In inimitable Brazilian style, the upcoming national elections, to be held on 3 October, have inspired a cavalcade of electoral pledges and corruption scandals. Yet, despite a vigorous electoral race, no candidate has yet credibly tackled the most important challenge and opportunity facing Brazil today: education.
Brazil is currently surfing a wave of economic development with a demographic boom to boot. The country’s economy has been transformed from the days of stagnation, inflation and crisis, which marred the post-dictatorship political landscape of the 1980s. In the early 90s, President Fernando Henrique Cardoso laid the foundations, and now Brazil is placed as the 10th biggest economy in the world. The outgoing President Luiz Inácio “Lula” da Silva has presided over eight impressive years, which have seen 20 million Brazilians lifted out of absolute poverty and 31 million move into the middle class.
One of the biggest successes has been the enormous advances made to school enrolment. This is largely thanks to Brazil’s very effective programme, Bolsa Família (“Family Fund”), which pays poor families if their children attend school. This fund has pushed children off the street and into the school room, while also providing the poorest with a well-needed form of income support.
Despite these successes, however, Lula has failed to take his battle with poverty as far as he should. The past 16 years have seen governments initiate a variety of reforms, but Brazil’s cardinal problems of poverty and inequality still remain. The surge in school attendance has not been matched by a surge in quality: only 39% of Brazilians aged 25-64 have successfully completed upper secondary education (compared to 70% for the UK). Education in Brazil remains under-funded, inefficiently run and, to top it all off, disproportionately benefitting the wealthy. What Brazil now needs is a cultural and structural revolution in education policy.
Education is undervalued in Brazilian society and rarely features in debates in the public or private spheres; this is fuelled by average illiteracy levels of 12%. In fact, Lula often used his personal lack of education as a rhetorical tool to undermine his political opponents, the ruling elites. According to the UNDP’s recent Human Development Report for Latin America and the Caribbean, 10 of the world’s 15 most unequal countries are located in Latin America. Failing education systems lie at the very heart of this problem. It’s no coincidence that Brazil is the 10th most unequal country in the world.
Latin America has the second youngest population of any of the world’s continents (first is Africa). In 30 years, developed economies will be battling against ageing populations; Brazil, on the other hand, will have a young workforce. Brazil needs to harness this demographic boom and train a generation that will go to build the future of this economic giant. As the World Bank warned in 2008, “unfortunately, in an era of global competition, the current state of education in Brazil means it is likely to fall behind other developing economies in the search for new investment and economic growth opportunities.”
In its current form, the Brazilian education system entrenches inequality and poverty, stifling prosperity for the majority.

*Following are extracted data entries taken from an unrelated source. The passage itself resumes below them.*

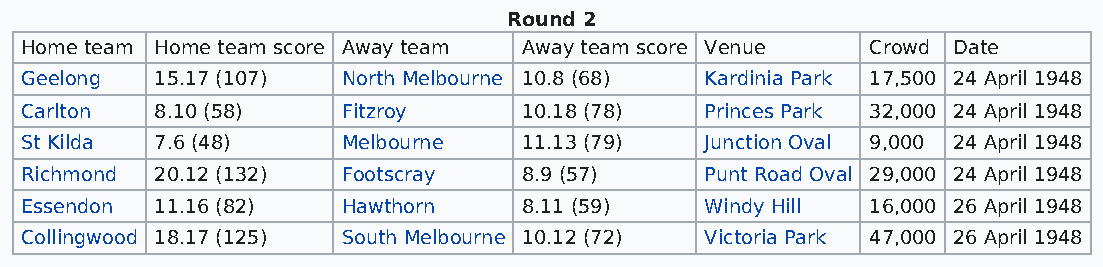
Round 2
 Home team Home team score Away team Away team score Venue Crowd Date
 Geelong  15.17 (107)  North Melbourne 10.8 (68) Kardinia Park 17,500 24 April 1948
 Carlton  8.10 (58)    Fitzroy     10.18 (78)  Princes Park 32,000 24 April 1948
 St Kilda 7.6 (48)     Melbourne   11.13 (79)  Junction Oval 9,000 24 April 1948
 Richmond 20.12 (132)  Footscray   8.9 (57)    Punt Road Oval 29,000 24 April 1948
 Essendon 11.16 (82)   Hawthorn    8.11 (59)   Windy Hill 16,000 26 April 1948
 Collingwood 18.17 (125) South Melbourne 10.12 (72) Victoria Park 47,000 26 April 1948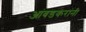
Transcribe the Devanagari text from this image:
आंबडकरांनी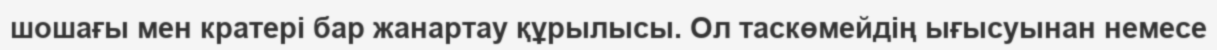
шошағы мен кратері бар жанартау құрылысы. Ол таскөмейдің ығысуынан немесе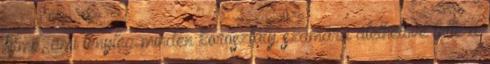
filmé, ami tényleg minden korosztály számára átélhetővé tette a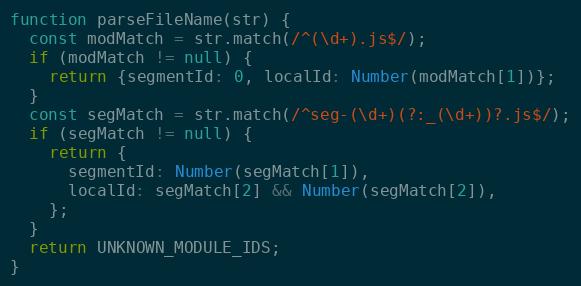
Language: JavaScript
function parseFileName(str) {
  const modMatch = str.match(/^(\d+).js$/);
  if (modMatch != null) {
    return {segmentId: 0, localId: Number(modMatch[1])};
  }
  const segMatch = str.match(/^seg-(\d+)(?:_(\d+))?.js$/);
  if (segMatch != null) {
    return {
      segmentId: Number(segMatch[1]),
      localId: segMatch[2] && Number(segMatch[2]),
    };
  }
  return UNKNOWN_MODULE_IDS;
}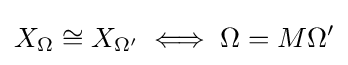
X_{\Omega }\cong X_{\Omega '}\iff \Omega =M\Omega '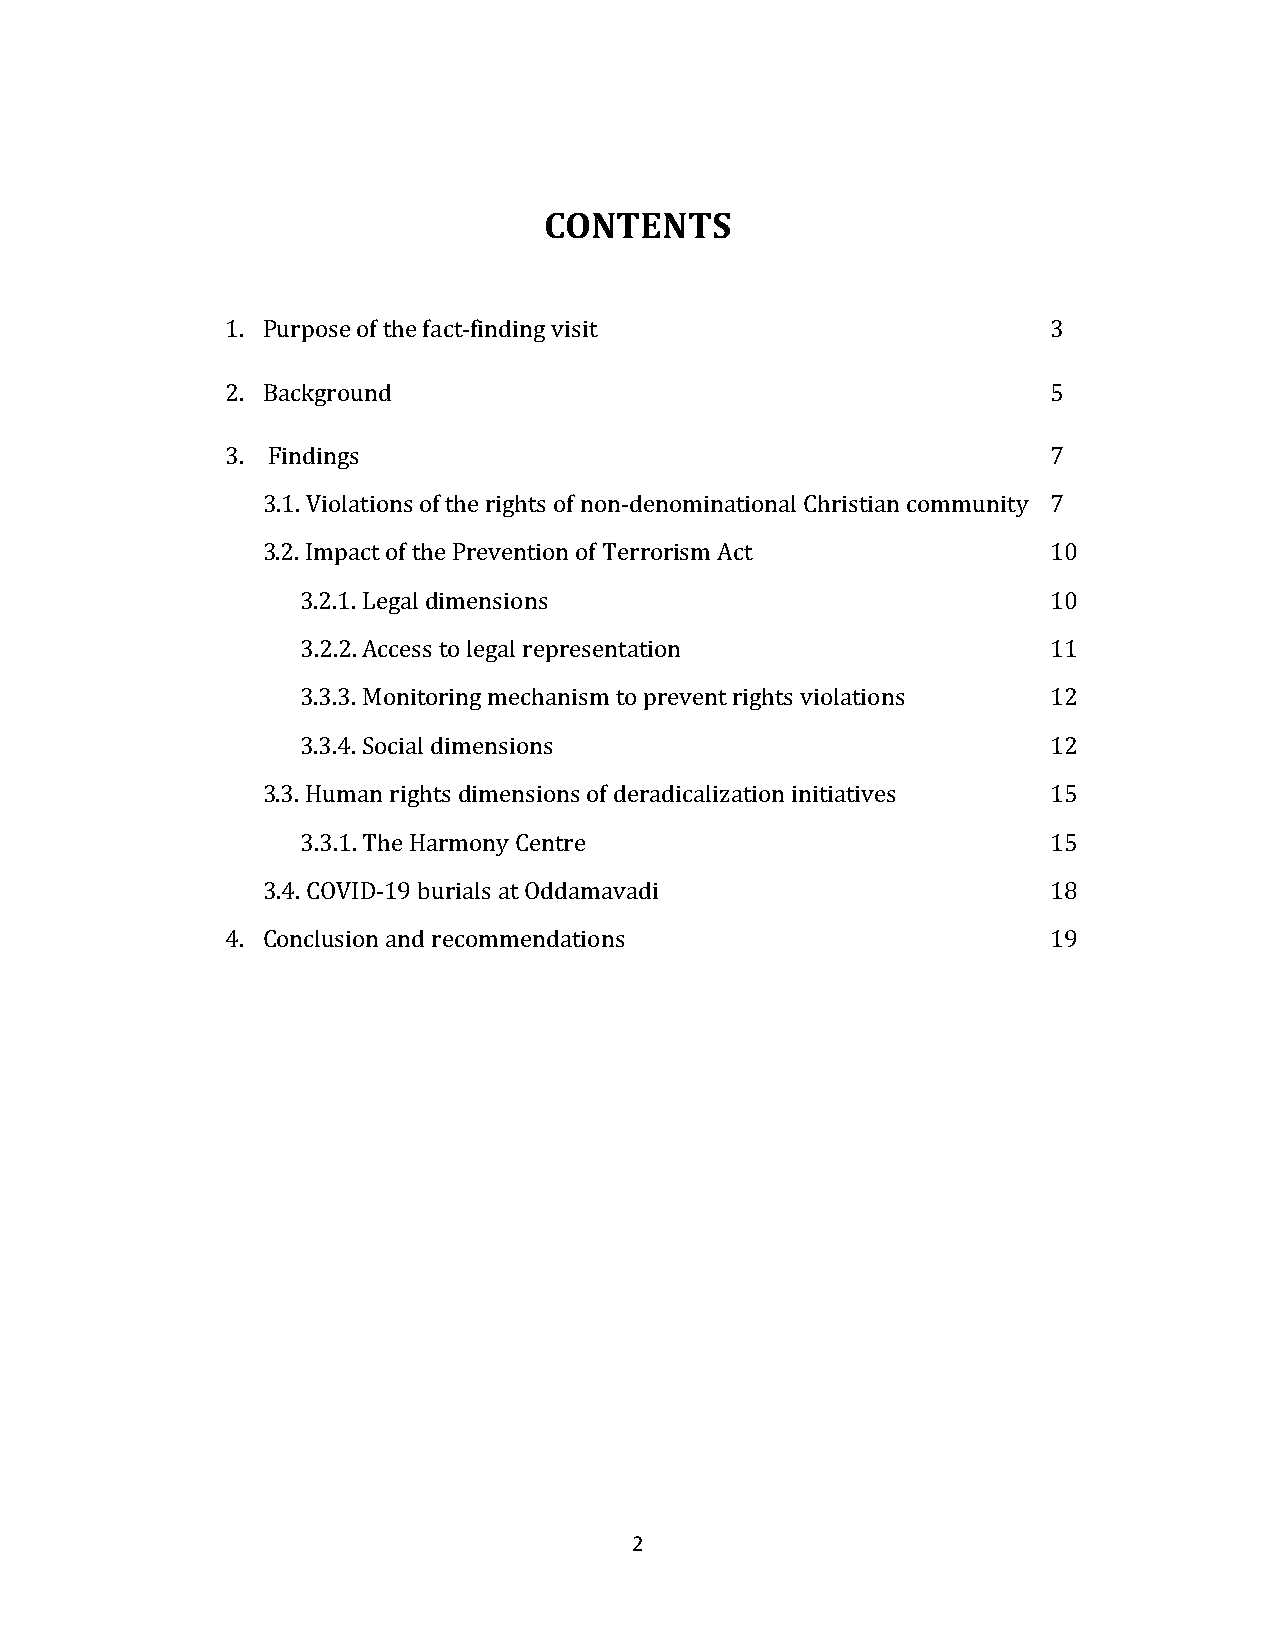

Due to low educational standards and lack of investment in public schools, 14% of Brazilian children attend private schools. However, most private-school leavers then apply for public, free universities – which conversely have prestigious reputations and high levels of investment. This severely limits social mobility.
In the recent presidential debates, neither of the two frontrunners have proposed any real education reforms. The debates have, instead, been dominated by talk of the economy, development and infrastructure, as the top two candidates follow in the “developmentalist” model taken by Lula. Investment in human resources through education, though urgently needed, does not appear to be a vote winner, and the subject has been “practically ignored” by the top two presidential candidates.
Lula’s heir, Dilma Rousseff, is campaigning on the axiom Para o Brasil Seguir Mudando (“So that Brazil keeps on Changing”). Although “more education” is her fifth campaign priority, she is widely expected to follow Lula’s hands-off strategy. Meanwhile, the main opposition candidate, José Serra, has committed to expanding the Bolsa Família programme to include more families, but has failed to put a case forward for specific educational reform. The only candidate to put education at the centre of her election campaign is the Green party’s Marina Silva, currently placed a distant third with 10% of the vote, who has promised to increase GDP spending on education from 5% to 7%. (According to a recent OECD report, Brazil spends less per student overall than most OECD countries, especially in primary and secondary schooling.)
It’s time that Brazilian politicians and the public acted to turn Brazil’s education strategy on its head – diverting generous university funds for the few towards essential schooling for the many. Dilma Rousseff is almost certain to take the presidential reins in just two weeks; yet the question remains, can Brazil “keep on changing” if it doesn’t overhaul its education system?